Provided data:
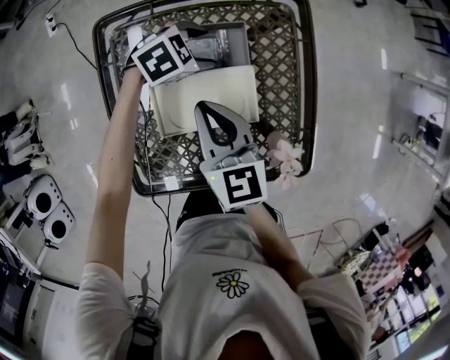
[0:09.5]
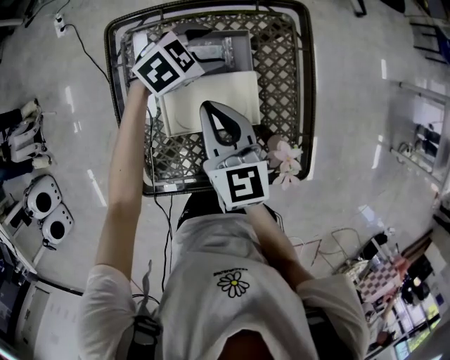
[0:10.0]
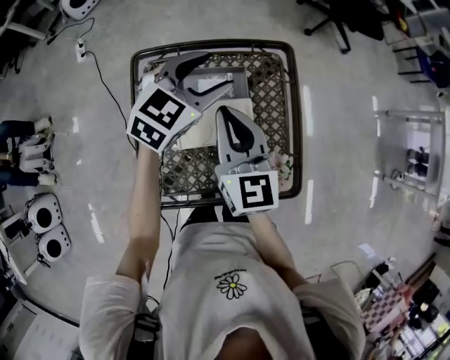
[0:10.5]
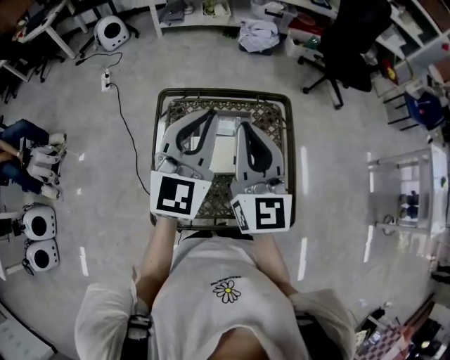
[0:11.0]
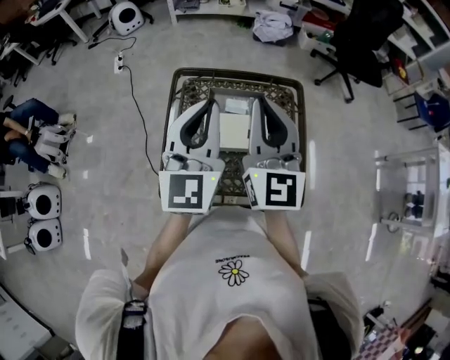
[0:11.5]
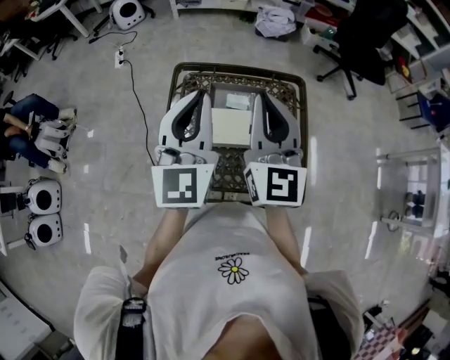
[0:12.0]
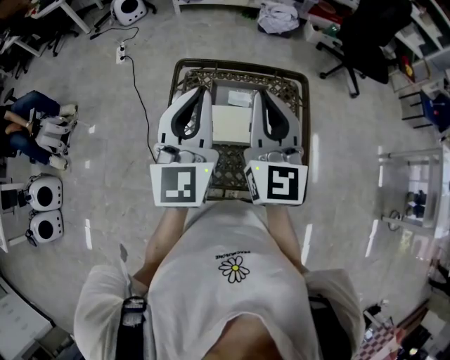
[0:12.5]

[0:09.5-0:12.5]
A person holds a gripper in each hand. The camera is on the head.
0:09.5 to 0:11.0: The left gripper heads upward, covering roughly 40 cm, angles its fingers upward, by about 50 degrees, and closes up, while the right gripper goes approximately 25 cm upward, and changes its angle by approximately 30 degrees.
0:11.0 to 0:12.5: The left gripper moves to the left, roughly 5 cm.

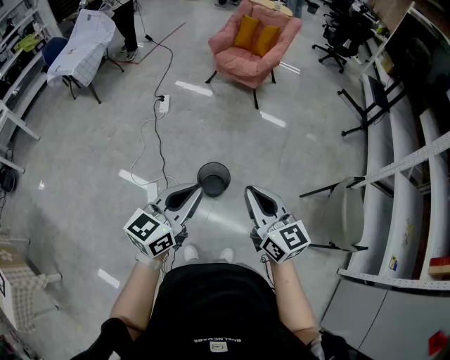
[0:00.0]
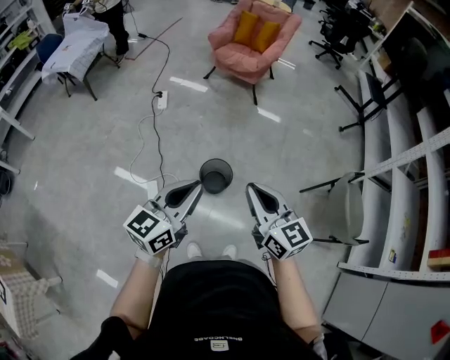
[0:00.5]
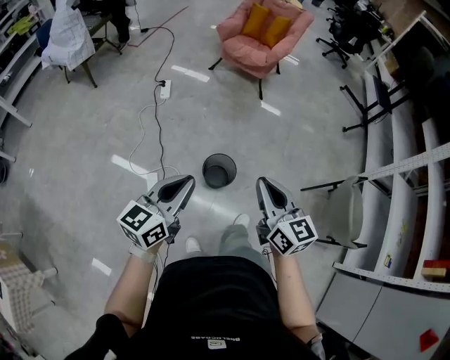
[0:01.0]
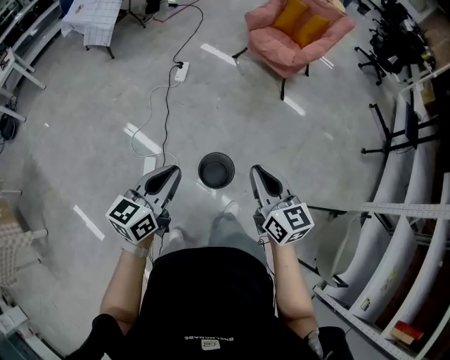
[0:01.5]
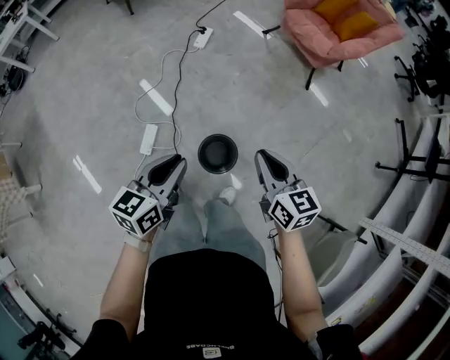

Work instruction: Each record above should be repeated exactly, please, without pictures.

Output of the exercise:
[0:09.5]
[0:10.0]
[0:10.5]
[0:11.0]
[0:11.5]
[0:12.0]
[0:12.5]

[0:09.5-0:12.5]
A person holds a gripper in each hand. The camera is on the head.
0:09.5 to 0:11.0: The left gripper heads upward, covering roughly 40 cm, angles its fingers upward, by about 50 degrees, and closes up, while the right gripper goes approximately 25 cm upward, and changes its angle by approximately 30 degrees.
0:11.0 to 0:12.5: The left gripper moves to the left, roughly 5 cm.

[0:00.0]
[0:00.5]
[0:01.0]
[0:01.5]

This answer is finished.